Production cost depends on many factors. The price of energy is one of these factors. Industry needs to keep its energy bills low - if a reaction needs high temperatures the running costs will be higher. The cost of raw materials is also a factor. This is kept to a minimum by recycling any materials that havent been reacted. This is what happens in the haber process as the % yield is only about 10%. Labour intensive processes are also very expensive. To reduce the amount of staff who need to be paid automation is used. Any savings made however have to be weighed against the initial cost and running cost of machinery. The cost of equipment depends on the conditions it has to cope with. For example, it costs far more to make something to withstand very high pressures than something that needs to work at atmospheric pressures. Finally, the faster a reaction occurs the better it is in terms of reducing costs. Rates of reaction are increased by the use of catalyst. The increase in production rate has to balance the cost of buying the catalyst in the first place.
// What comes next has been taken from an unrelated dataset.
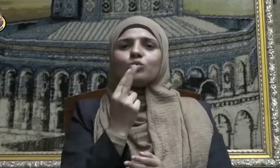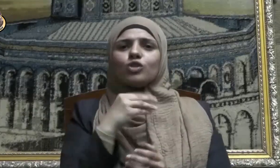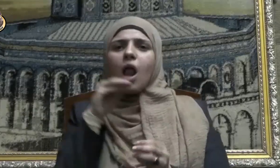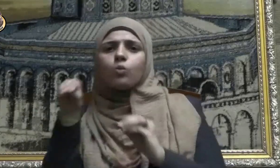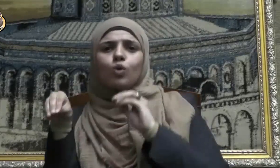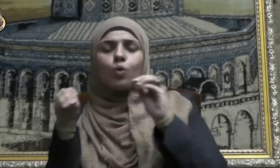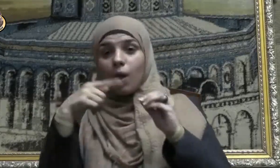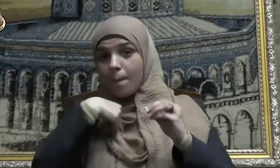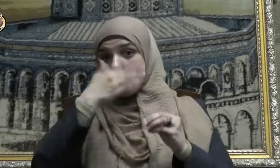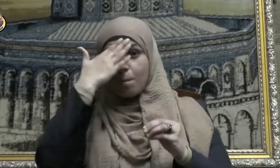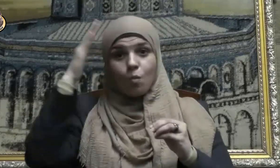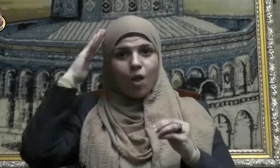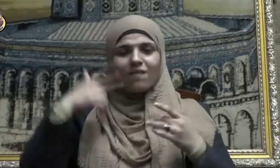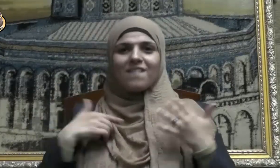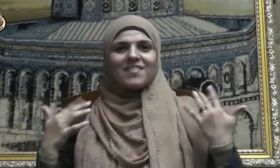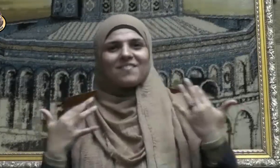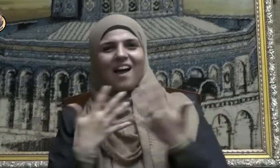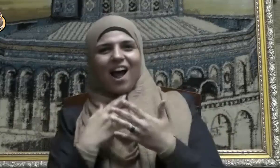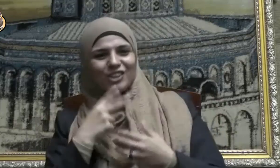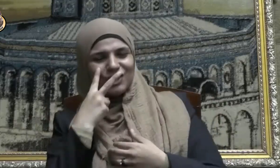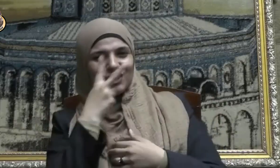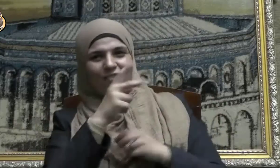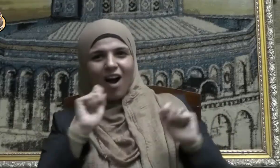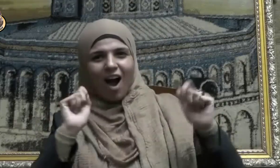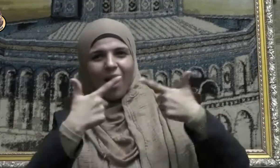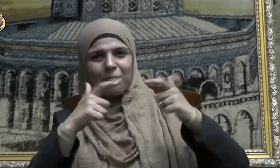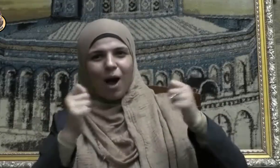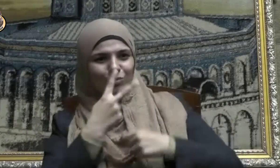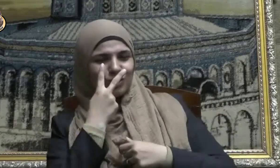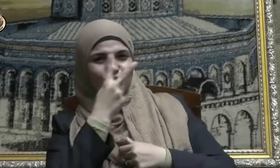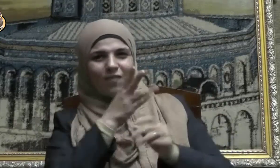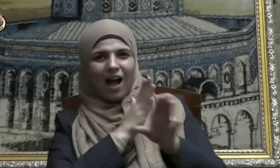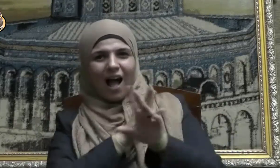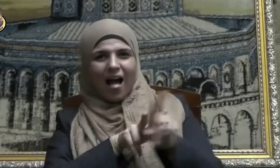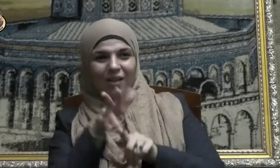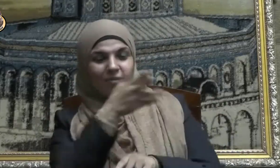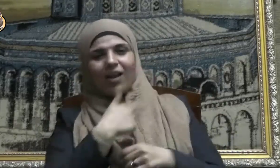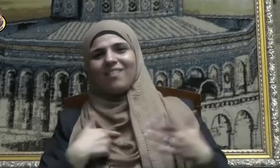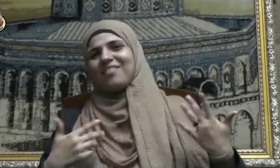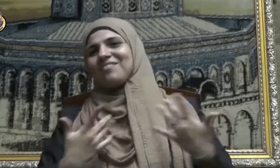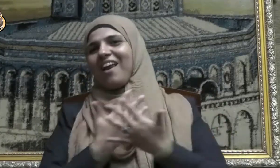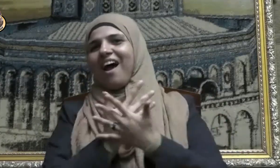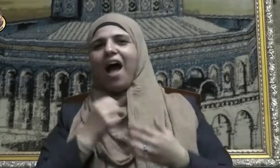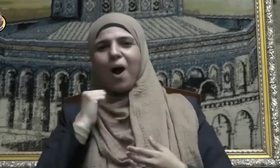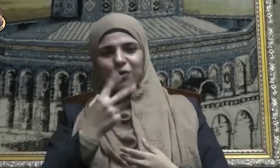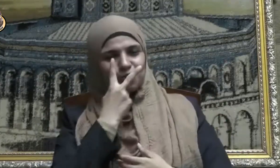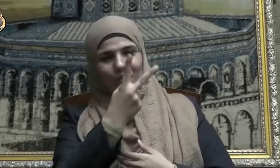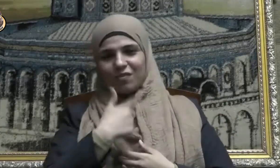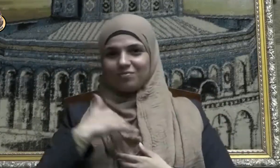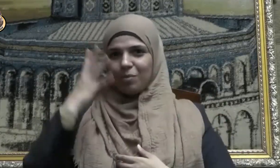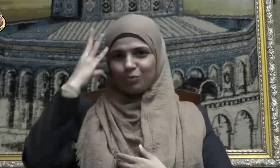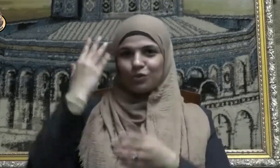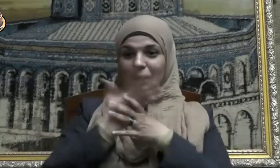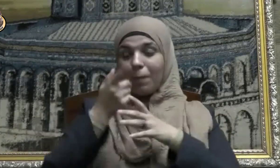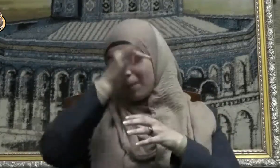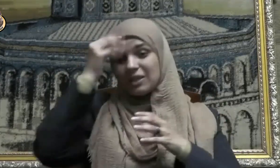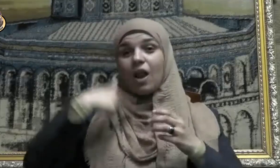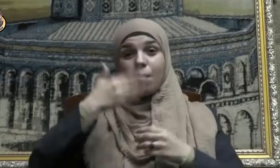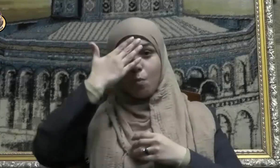بألم الوطن وألم أبنائه ويفرح إذا انتشر الشر أو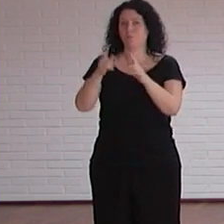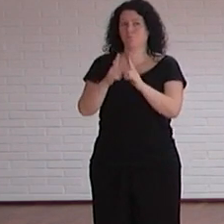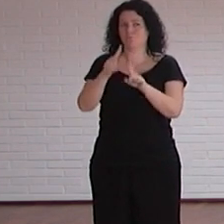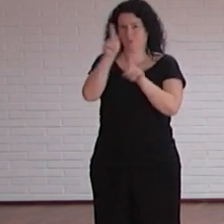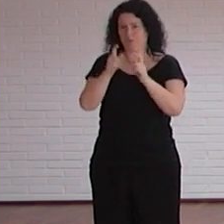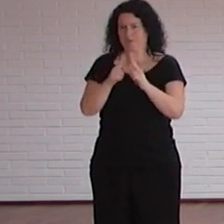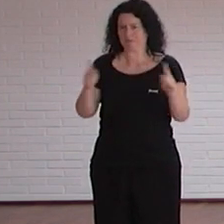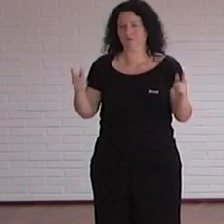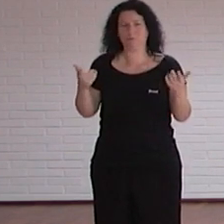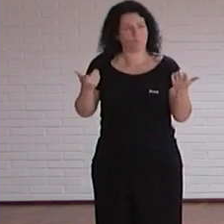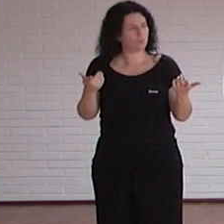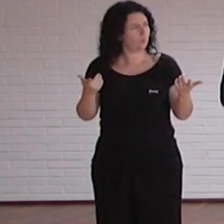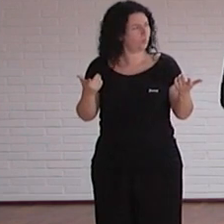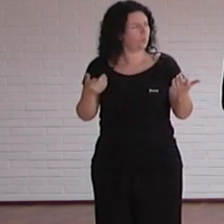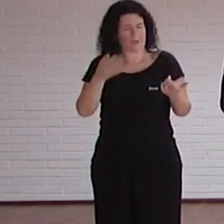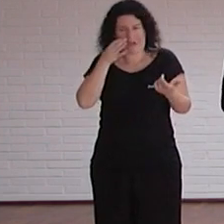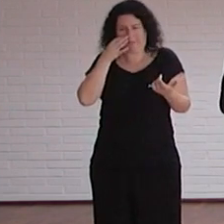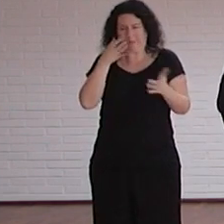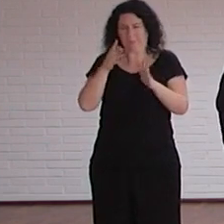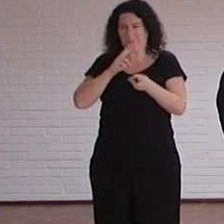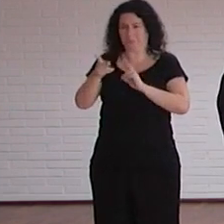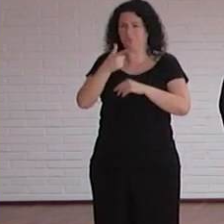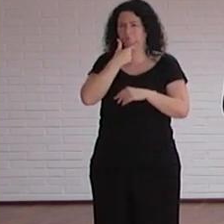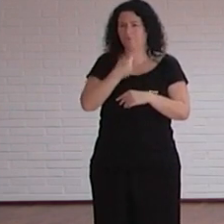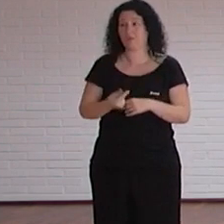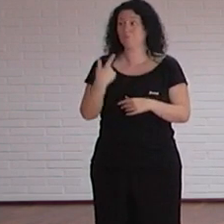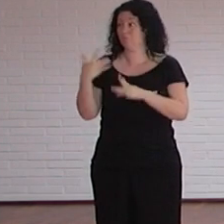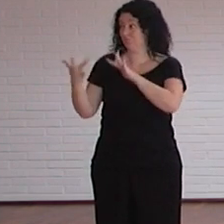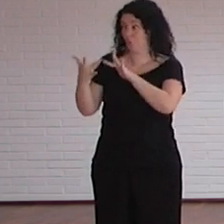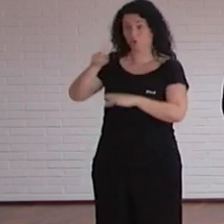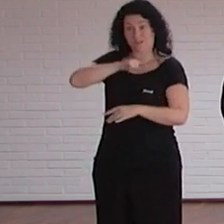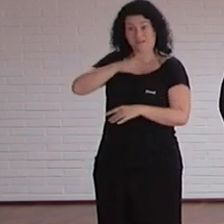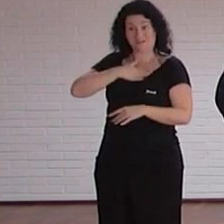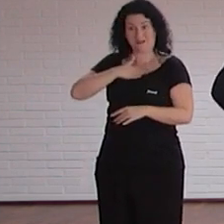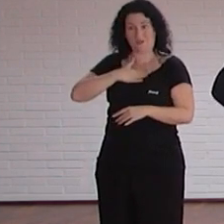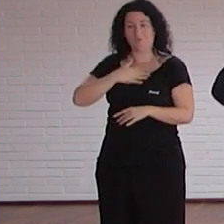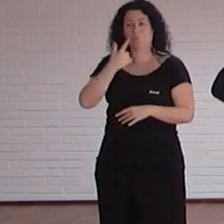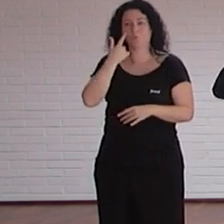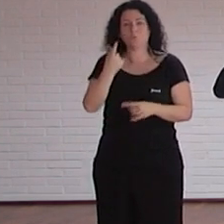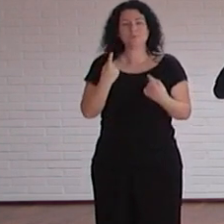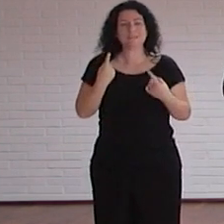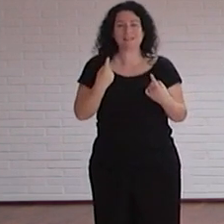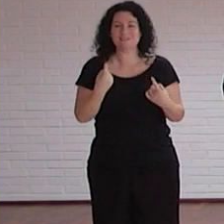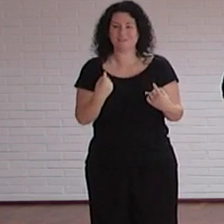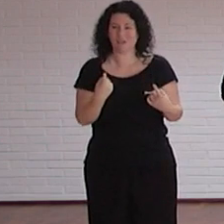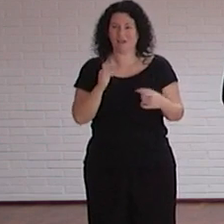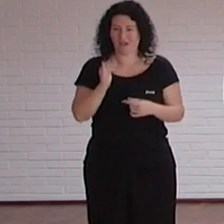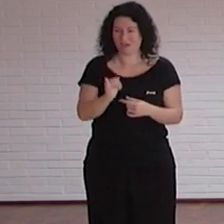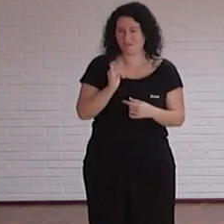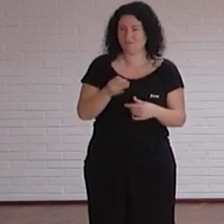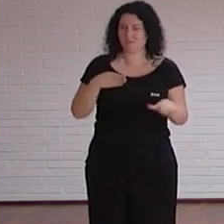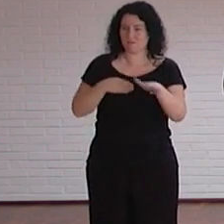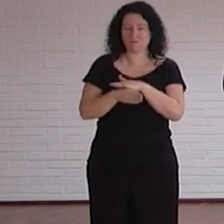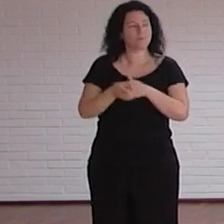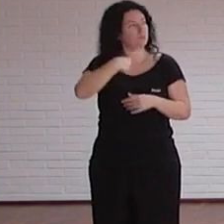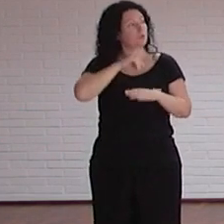preparación porque desde que te pusiste en contacto con nosotros y vimos esa necesidad por un lado el

Optimum conditions are those that give the lowest production cost per kg of product. This means compromising on speed of reaction or % yield.
Salt is extracted from underground deposits left millions of years ago when ancient seas evaporated. There are huge deposits of this rock salt under cheshire. Rock salt is a mix of salt and impurities. It can be brought up by being drilled dug or blasted out. It can also be extracted by pumping hot water underground. The salt dissolves and is pumped above ground by the pressure of the water. this is solution mining. Rock salt can be used in its raw form to stop ice forming on roads or it can be used on food or to make chemicals.
Electrolosis of brine gives hydrogen, chlorine and NaOH. The electrodes are made of an inert material so they wont react with any of the products or the electrolyte. Hydrogen gas is given off at the negative cathode, chlorine gas is given off at the positive anode and sodium hydroxide is formed from the ions left in the solution. The sodium chloride solution contains 4 different ions: Na+, OH-, Cl- and H+. At the cathode two hydrogen ions accept one electron each to become one hydrogen molecule. At the anode, two chloride ions lose one electron each to become one chlorine molecule. Oxidation is the loss of electrons and reduction is the gain of electrons.
The hydrogen gas is used to make ammonia in the haber process and margerine. The chlorine is used to disinfect water, make plastics, solvents or hydrochloric acid and the sodium hydroxide is used to make soap or can react with chlorine to make household bleach.